Moreover, studies reveal that around 70% of hairdressers develop occupational skin diseases—mostly hand dermatitis—during their professional lives with wet labor being among the primary contributors to sensitization [37, 48]. Continuous contact with water and moist environment weakens one's epidermal barrier and causes irritation, facilitating allergen's penetration and ultimately leads to the manifestation of contact dermatitis [37]. The initial stages of skin irritation and sensitive skin predispose the individual to develop an allergic reaction if triggered by a substance upon contact creating an inflammatory environment that fosters sensitivity [37, 49]. Consequently, one can postulate that the aforementioned effects and barrier disruption would be applicable for eyebrow‐water contact with subsequent irritation. We can conclude that the TGA present in the brow lamination technique can act on oxidative metabolism, thus leading to skin pigmentations and aging.

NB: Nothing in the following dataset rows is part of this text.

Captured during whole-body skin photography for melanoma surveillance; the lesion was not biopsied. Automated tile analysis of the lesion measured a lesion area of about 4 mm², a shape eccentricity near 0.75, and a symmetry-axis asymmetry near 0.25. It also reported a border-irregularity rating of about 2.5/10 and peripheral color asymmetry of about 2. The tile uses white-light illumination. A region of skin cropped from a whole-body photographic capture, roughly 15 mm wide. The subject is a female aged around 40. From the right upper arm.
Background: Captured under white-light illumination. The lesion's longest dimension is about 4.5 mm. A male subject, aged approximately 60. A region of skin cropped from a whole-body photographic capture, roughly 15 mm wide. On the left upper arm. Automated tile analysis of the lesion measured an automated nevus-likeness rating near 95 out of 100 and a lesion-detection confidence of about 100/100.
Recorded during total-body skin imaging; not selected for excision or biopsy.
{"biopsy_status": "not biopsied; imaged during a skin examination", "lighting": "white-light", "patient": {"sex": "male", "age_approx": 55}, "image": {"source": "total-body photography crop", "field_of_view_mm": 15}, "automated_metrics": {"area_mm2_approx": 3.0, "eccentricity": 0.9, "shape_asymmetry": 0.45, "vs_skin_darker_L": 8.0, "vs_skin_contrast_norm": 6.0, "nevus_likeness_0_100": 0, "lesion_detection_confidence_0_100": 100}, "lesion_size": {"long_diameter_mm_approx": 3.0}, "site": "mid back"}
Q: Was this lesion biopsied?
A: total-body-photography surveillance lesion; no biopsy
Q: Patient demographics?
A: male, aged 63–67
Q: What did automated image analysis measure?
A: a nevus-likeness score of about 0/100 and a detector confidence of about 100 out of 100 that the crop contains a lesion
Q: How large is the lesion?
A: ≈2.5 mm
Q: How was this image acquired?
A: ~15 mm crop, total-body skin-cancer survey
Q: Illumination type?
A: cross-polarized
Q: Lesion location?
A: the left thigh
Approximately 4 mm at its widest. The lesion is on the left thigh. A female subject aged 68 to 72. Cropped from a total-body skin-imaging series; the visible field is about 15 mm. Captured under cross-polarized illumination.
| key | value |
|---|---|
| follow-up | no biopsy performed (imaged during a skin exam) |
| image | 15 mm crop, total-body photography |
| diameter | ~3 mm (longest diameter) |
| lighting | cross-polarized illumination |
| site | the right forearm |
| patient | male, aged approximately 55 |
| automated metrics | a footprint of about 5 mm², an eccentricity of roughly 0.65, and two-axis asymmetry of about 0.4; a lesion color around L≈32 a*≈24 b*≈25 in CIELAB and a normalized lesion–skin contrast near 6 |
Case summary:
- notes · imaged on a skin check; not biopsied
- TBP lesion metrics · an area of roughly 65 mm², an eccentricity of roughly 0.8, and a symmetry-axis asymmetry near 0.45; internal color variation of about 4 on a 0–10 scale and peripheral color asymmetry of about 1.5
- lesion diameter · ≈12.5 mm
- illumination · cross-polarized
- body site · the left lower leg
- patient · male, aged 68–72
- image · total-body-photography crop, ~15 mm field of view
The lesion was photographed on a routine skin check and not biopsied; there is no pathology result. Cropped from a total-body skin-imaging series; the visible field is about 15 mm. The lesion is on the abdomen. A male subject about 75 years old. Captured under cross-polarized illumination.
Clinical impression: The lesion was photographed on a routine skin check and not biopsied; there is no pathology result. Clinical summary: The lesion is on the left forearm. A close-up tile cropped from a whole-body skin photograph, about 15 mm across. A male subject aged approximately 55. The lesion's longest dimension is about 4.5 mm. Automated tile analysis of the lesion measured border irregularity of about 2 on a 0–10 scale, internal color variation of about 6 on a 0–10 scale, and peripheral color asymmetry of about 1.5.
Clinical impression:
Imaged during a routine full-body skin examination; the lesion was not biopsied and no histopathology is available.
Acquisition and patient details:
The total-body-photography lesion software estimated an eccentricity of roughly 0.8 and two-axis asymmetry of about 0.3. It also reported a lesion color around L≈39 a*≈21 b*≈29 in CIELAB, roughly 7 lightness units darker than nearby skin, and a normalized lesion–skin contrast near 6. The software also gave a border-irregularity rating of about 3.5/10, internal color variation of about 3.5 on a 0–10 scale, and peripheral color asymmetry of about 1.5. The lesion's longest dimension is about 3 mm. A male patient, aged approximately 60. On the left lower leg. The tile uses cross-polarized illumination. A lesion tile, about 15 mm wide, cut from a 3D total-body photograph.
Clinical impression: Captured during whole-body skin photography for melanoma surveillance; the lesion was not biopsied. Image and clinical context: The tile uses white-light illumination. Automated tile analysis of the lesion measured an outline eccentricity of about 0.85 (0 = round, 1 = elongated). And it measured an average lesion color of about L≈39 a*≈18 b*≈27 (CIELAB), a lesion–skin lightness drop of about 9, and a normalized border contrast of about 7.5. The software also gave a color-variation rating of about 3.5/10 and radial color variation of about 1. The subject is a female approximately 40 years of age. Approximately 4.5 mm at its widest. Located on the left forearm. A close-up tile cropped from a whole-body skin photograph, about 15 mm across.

It is also important to discuss the phototoxicity in people trying brow lamination. There is an intricate relationship between ROS and photoaging; Ultraviolet A (UVA) and ultraviolet B (UVB) both stimulate nicotinamide adenine dinucleotide phosphate (NADPH) oxidase and mitochondrial electron transport chain (ETC) or advanced glycation products, respectively, leading to the synthesis of superoxide radicals (O2⁻), while only UVA reacts with riboflavin and porphyrin—endogenous chromophores—resulting in the production of singlet oxygen (1O2) [50, 51, 52]. Hence, in hope of limiting skin aging effects and improving the body's defense against free radicals, the use of antioxidants, like ascorbic acid, tocopherols, and polyphenols may prove to be beneficial [50]. Thus, it is important to shed light on the potential sun‐induced irritation after the application of thioglycolates compounds. Figure 1 provides a summary of the transdermal absorption of thioglycolate compounds with their respective effects at the level of the skin.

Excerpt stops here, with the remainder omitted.